Michael on the other hand is doing well. granted he is not being tested for school yet lol but for one he speaks very clearly and he listens better. He is just really big. He is only 3 and he is wearing size 4 clothes .. the same as Juju... and actually he is in need of bigger clothes lol. He is a freaking giant. He likes being with mommy and just crowds the crap outta me lol. Did you know that becoming a mother means you are now a jungle gym? Hooray! Any who.. they are good boys and we are proud of them.
I have been struggling in NC. At first It was so nice to be on our own but lately i have been so overwhelmed that i cant get back to being me. I have gained a lot of weight here and with Brian's schedule the way it is i just don't have time to work out... not that i like to anyways lol. I just haven't had a job in almost 4 years... ok well i watch a friends little boy and have for um a year or so and i did clean houses out on Topsail beach last summer but i mean a real job you know? There isn't much i can do during the day with all the kids here the only thing in walking distance is little playgrounds and when we have heat advisories i can't take them out anyways. Ya in case you didn't know it gets really hot here. I know that these are all excuses but remember i had to be mom and dad for the last 3 years and even now that Brian is home i still can;t get relief. His battalion works him to death. So basically i am worn out and i don't eat regularly so i got fat since my body thinks it is starving to death and i am depressed to boot.
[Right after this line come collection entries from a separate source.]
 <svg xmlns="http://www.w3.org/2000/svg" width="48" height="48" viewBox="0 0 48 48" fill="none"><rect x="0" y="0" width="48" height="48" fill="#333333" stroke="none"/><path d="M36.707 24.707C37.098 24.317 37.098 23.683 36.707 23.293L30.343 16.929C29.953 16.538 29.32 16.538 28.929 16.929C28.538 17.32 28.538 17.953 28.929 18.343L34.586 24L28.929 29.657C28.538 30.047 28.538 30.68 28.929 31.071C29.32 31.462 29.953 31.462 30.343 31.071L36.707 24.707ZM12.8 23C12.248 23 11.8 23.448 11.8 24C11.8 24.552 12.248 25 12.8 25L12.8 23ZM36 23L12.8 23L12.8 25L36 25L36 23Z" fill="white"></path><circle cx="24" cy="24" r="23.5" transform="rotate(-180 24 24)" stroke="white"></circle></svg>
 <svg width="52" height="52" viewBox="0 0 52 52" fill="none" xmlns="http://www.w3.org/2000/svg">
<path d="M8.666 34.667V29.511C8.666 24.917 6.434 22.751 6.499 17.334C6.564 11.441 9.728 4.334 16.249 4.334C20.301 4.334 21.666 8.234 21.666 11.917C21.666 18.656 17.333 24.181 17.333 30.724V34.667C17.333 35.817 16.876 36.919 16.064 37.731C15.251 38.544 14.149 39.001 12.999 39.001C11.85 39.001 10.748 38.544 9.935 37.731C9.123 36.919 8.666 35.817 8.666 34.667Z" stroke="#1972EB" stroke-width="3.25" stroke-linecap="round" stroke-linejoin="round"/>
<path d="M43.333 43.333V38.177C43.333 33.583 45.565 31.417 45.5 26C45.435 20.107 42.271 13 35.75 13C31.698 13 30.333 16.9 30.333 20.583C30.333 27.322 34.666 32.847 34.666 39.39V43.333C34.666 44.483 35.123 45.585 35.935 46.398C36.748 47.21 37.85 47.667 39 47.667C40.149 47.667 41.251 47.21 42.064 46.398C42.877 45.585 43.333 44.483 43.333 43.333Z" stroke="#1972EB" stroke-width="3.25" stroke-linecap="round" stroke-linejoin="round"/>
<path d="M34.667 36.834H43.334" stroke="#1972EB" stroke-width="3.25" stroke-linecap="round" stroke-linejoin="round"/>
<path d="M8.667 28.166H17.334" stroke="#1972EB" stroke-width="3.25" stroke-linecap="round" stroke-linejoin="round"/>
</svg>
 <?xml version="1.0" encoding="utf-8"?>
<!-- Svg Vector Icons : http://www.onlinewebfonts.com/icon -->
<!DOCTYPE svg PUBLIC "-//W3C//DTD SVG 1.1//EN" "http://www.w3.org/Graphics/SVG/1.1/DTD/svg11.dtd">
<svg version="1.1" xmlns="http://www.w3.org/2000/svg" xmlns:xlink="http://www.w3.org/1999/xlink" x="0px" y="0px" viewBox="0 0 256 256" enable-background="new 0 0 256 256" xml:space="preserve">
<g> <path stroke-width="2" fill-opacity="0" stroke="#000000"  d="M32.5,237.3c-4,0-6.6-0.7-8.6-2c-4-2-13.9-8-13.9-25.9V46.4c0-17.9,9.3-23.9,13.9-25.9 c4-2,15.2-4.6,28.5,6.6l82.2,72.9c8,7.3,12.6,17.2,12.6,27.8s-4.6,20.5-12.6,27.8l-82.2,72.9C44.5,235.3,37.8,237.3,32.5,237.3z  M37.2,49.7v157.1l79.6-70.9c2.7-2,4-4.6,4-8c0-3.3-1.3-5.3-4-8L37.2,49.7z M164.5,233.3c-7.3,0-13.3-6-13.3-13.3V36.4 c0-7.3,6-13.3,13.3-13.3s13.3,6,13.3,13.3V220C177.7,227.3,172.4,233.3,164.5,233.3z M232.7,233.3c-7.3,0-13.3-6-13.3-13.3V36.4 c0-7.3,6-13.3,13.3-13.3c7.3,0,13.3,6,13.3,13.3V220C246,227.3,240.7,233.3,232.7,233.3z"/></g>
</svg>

Brian and i went to a counselor and were thinking we needed family counseling which turned out to be Shara needs tons of therapy so now i have 26 years of baggage to unload. Hopefully this all helps me get better though. I sure don't want to be angry the rest of my life.
Its not all as bad as i feel it is i am just overwhelmed and its hard to be happy lol i can't even manage to get myself to church and do my callings right now... Satan is kicking my butt. Brian thinks that things will all be better when we get back home which thankfully is soon. He gets out in May '09 so we are making preparations for the future. now that we finally are in a position to make big choices we are not sure which to make. We gotta figure out what to do about school and work and stuff... sometimes i feel like being an grown up is overrated lol. Ok well that's all for now i am gonna add some pics that you may have seen before but that's ok. Thank you for reading my rant =). Love you all.

2 comments:

Jessicah said...

Welcome to the world of blogging. I do it just to vent mostly, so I do lots of blogs after I have rough days (but also the good days too). Sorry things are so stressful for you right now. Keep faith. Anyway my blog is:

tinkerdaisy.blogspot.com

*~Jessicah~*

Shara Libby said...

Ya i am doing ok overall just very sensitive right now with therapy and all lol how are you?